*** Opening RECORDS FOR PROCESSING ***
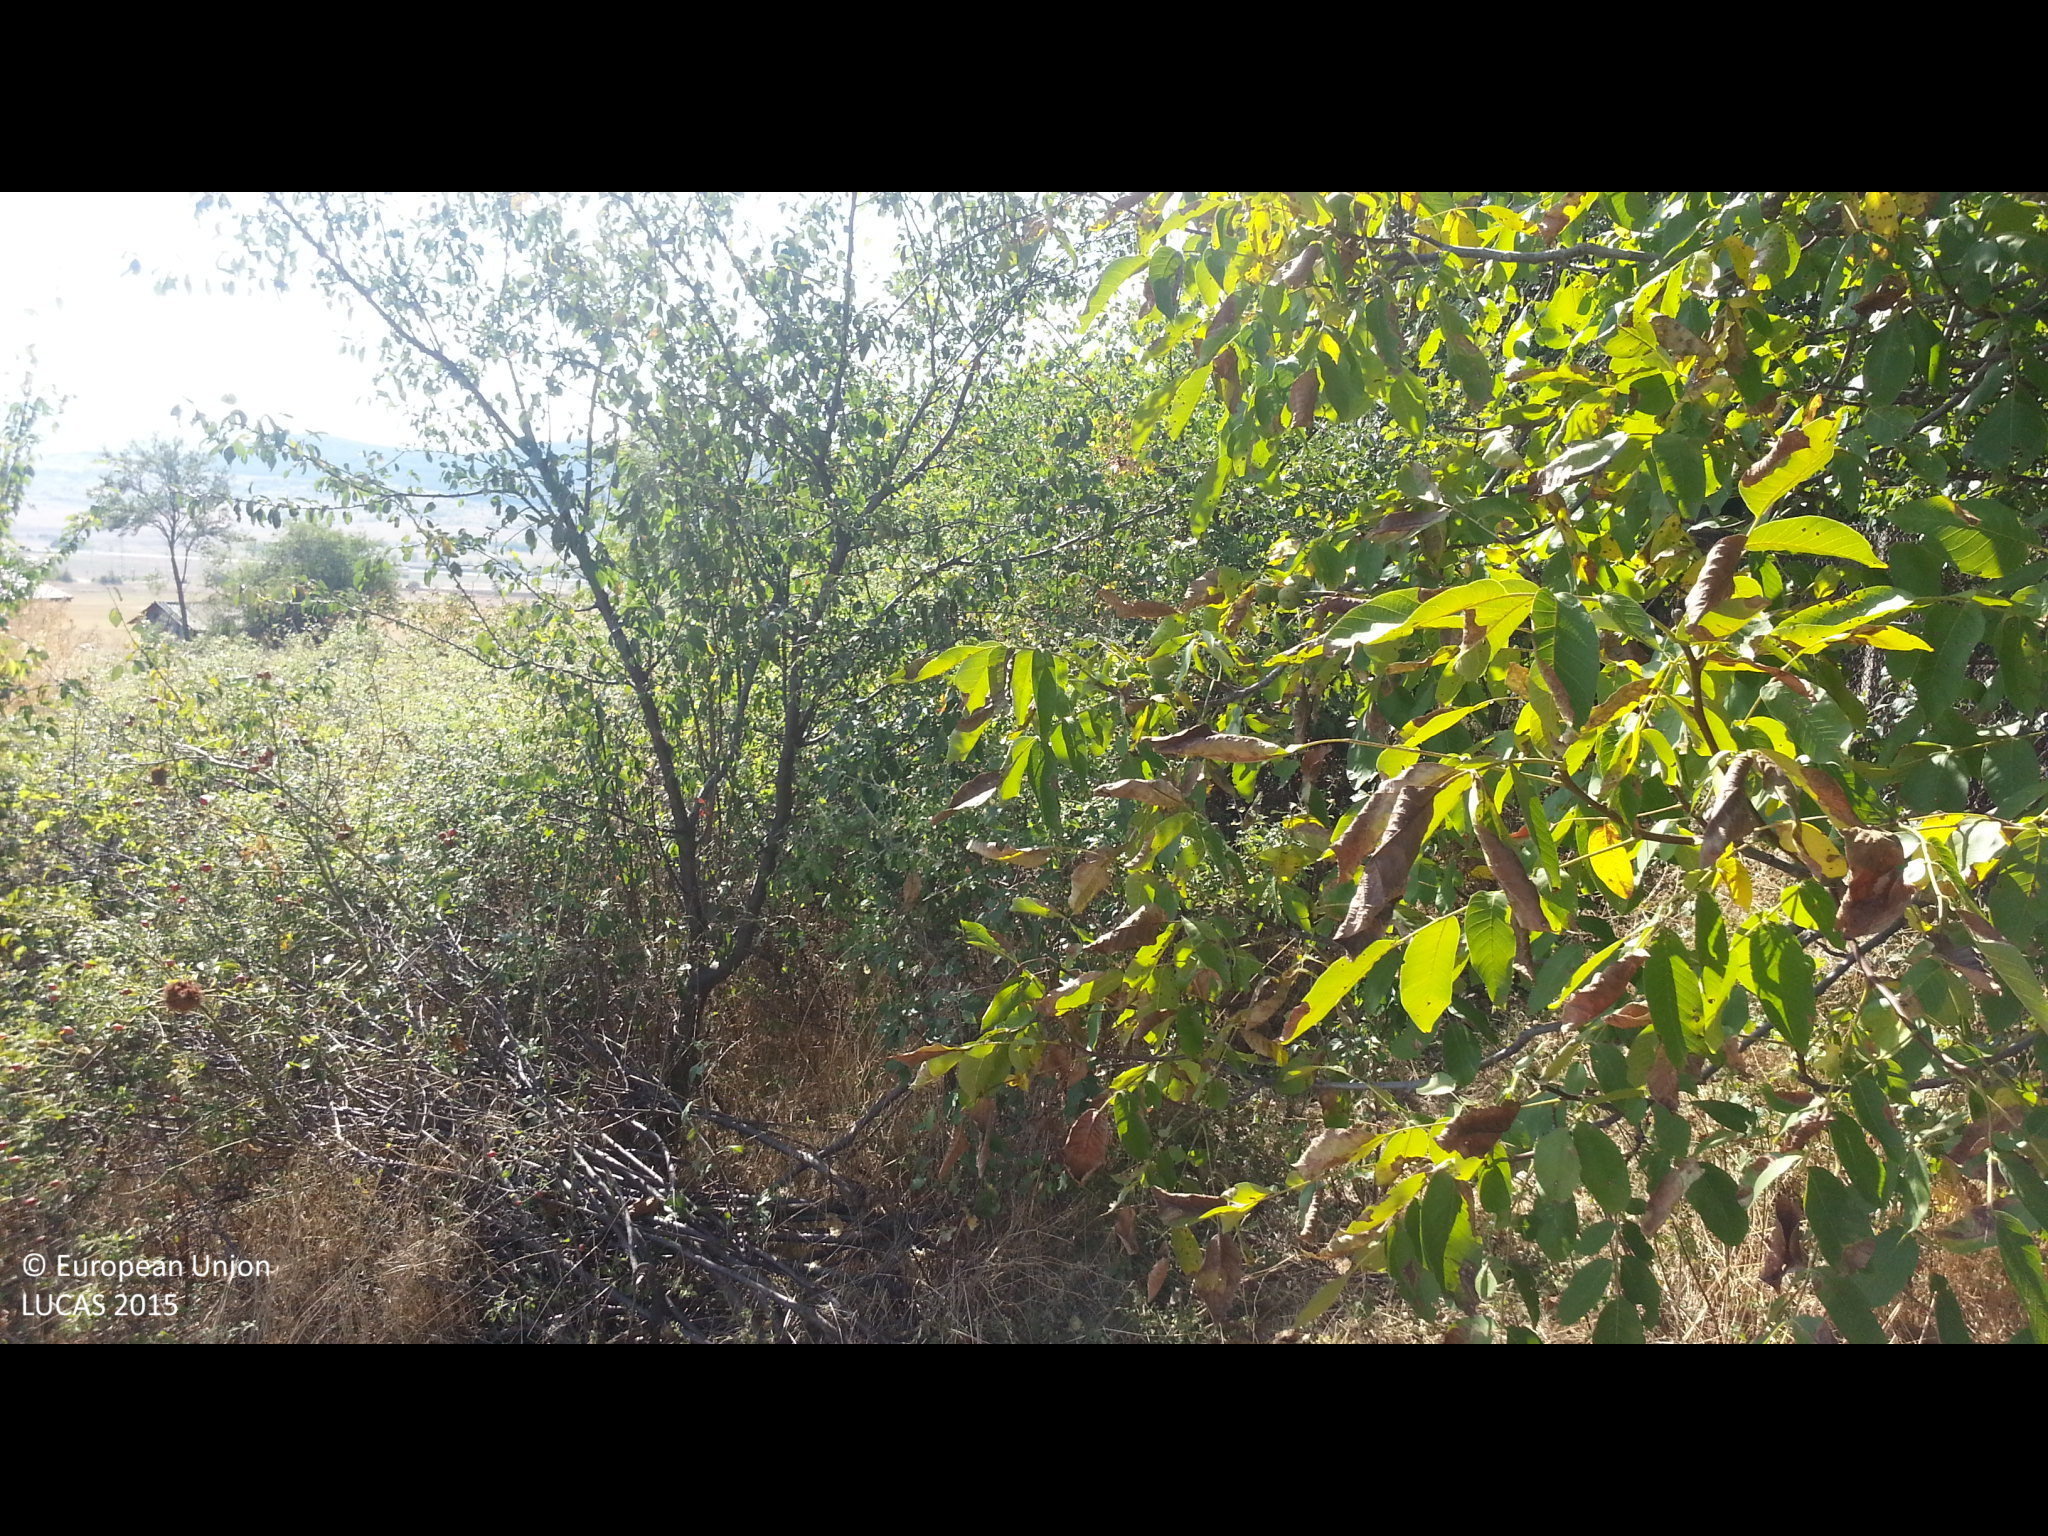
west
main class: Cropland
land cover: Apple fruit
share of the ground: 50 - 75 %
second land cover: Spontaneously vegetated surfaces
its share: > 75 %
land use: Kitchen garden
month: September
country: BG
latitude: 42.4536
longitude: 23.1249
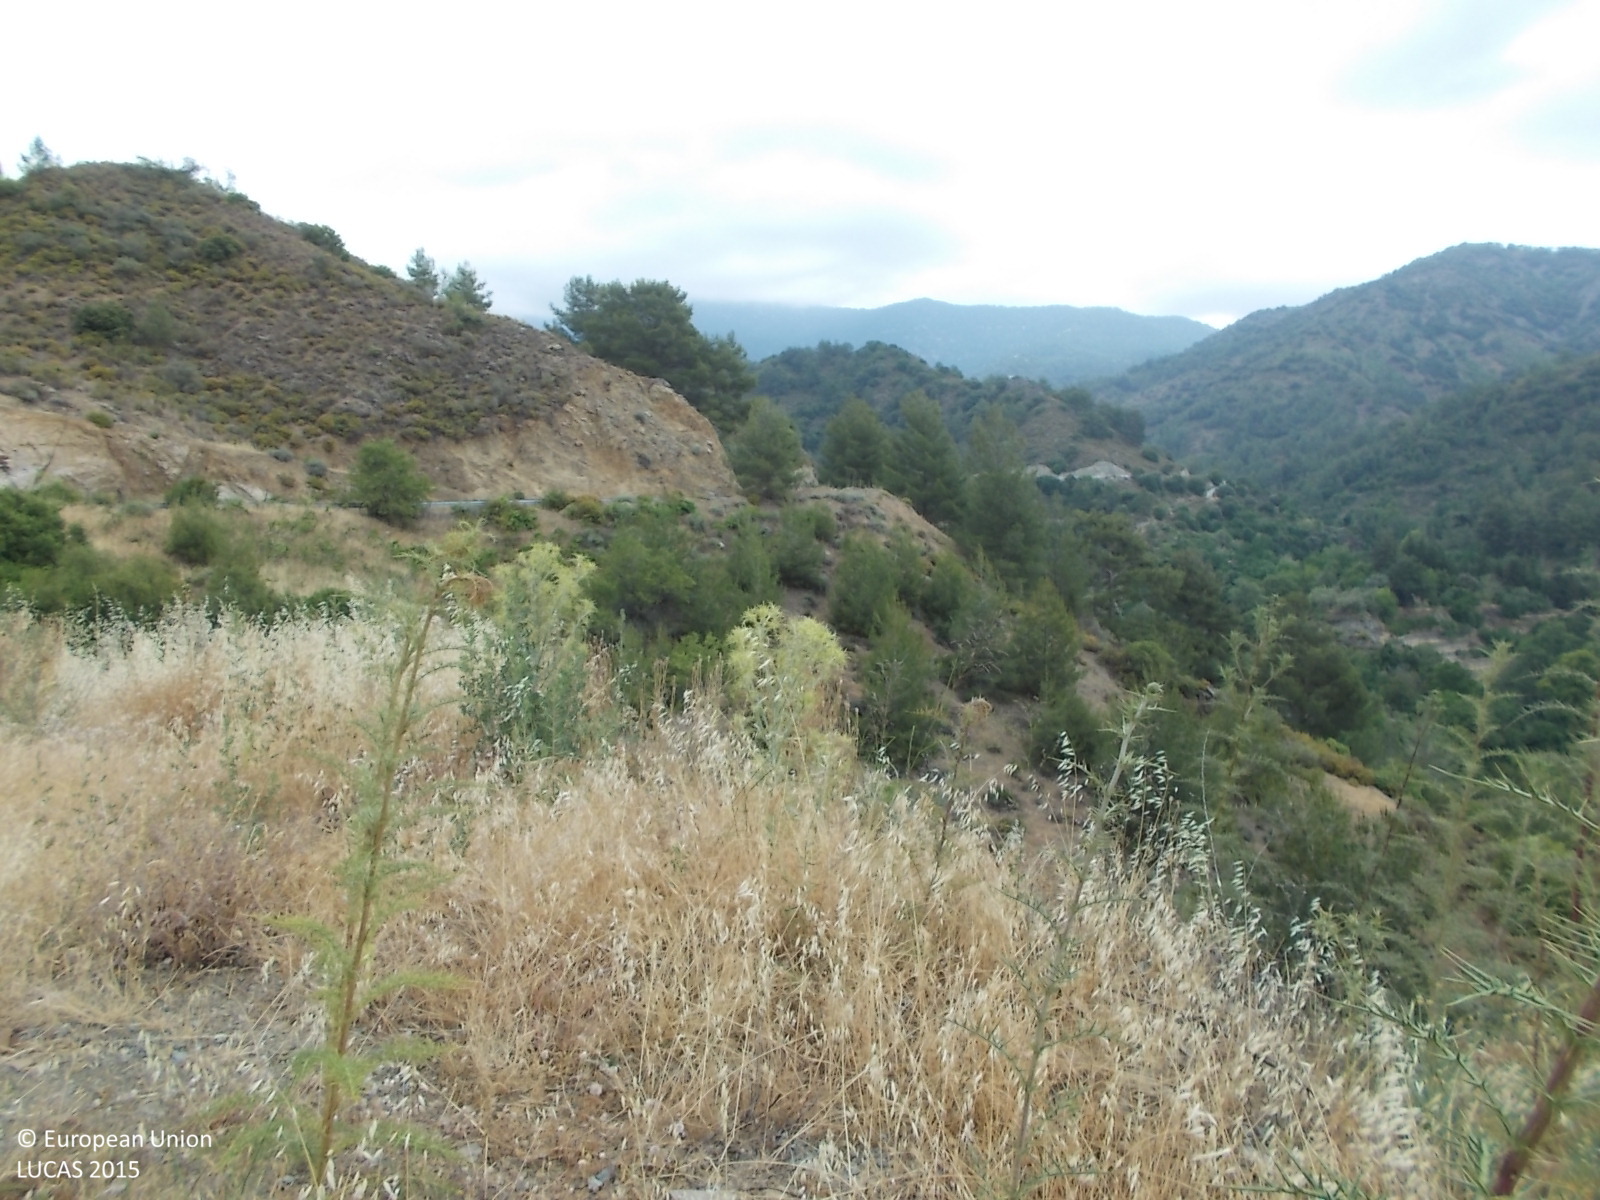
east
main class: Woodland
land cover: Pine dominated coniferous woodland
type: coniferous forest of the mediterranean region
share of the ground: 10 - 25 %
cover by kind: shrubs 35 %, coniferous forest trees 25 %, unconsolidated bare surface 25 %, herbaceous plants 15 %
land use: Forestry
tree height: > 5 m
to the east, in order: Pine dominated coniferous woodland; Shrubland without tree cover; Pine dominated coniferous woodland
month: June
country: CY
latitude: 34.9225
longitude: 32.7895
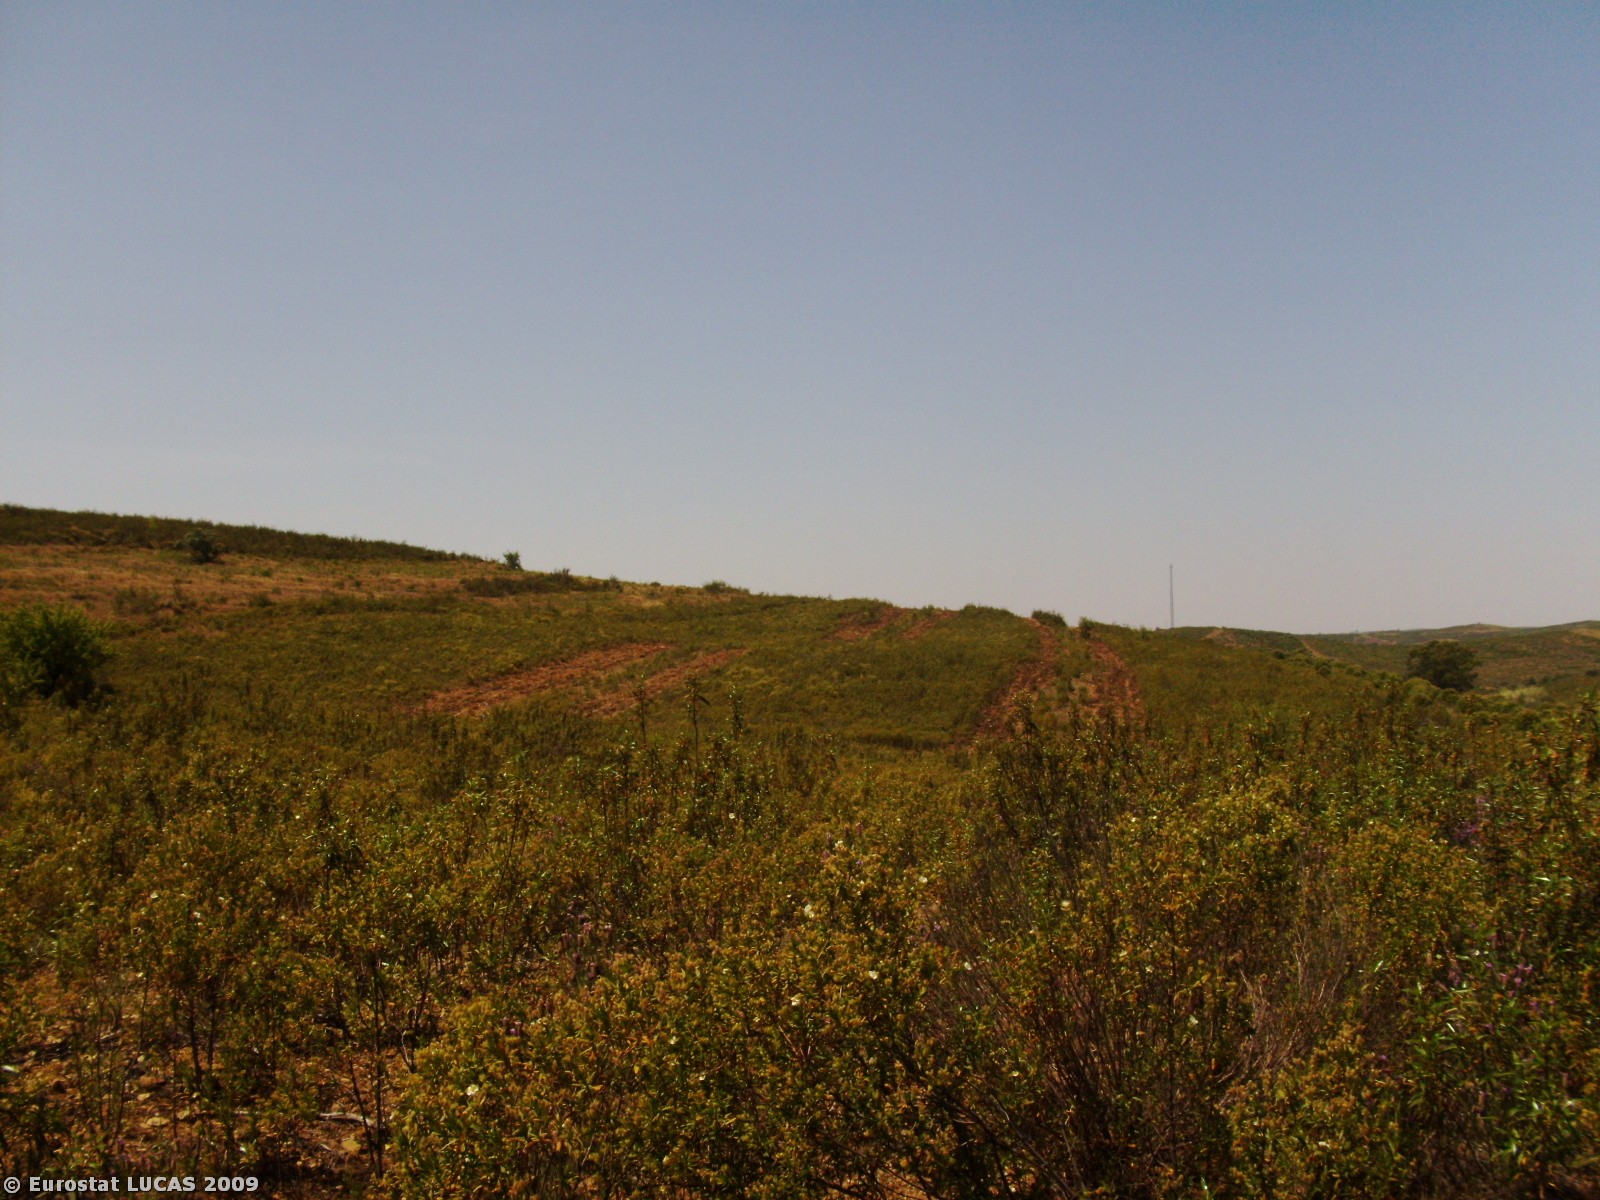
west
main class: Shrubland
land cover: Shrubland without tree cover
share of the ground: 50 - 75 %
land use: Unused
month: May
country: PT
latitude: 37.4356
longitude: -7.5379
*** Closing RECORDS FOR PROCESSING ***
• REQUIRED WORK: With the pictures removed, print only the lines starting at the line that has "land use: Forestry" and ending at the line that has "land cover: Shrubland without tree cover", both ends included, exactly as they stand above.

• RESPONSE TO THE TASK:
land use: Forestry
tree height: > 5 m
to the east, in order: Pine dominated coniferous woodland; Shrubland without tree cover; Pine dominated coniferous woodland
month: June
country: CY
latitude: 34.9225
longitude: 32.7895
west
main class: Shrubland
land cover: Shrubland without tree cover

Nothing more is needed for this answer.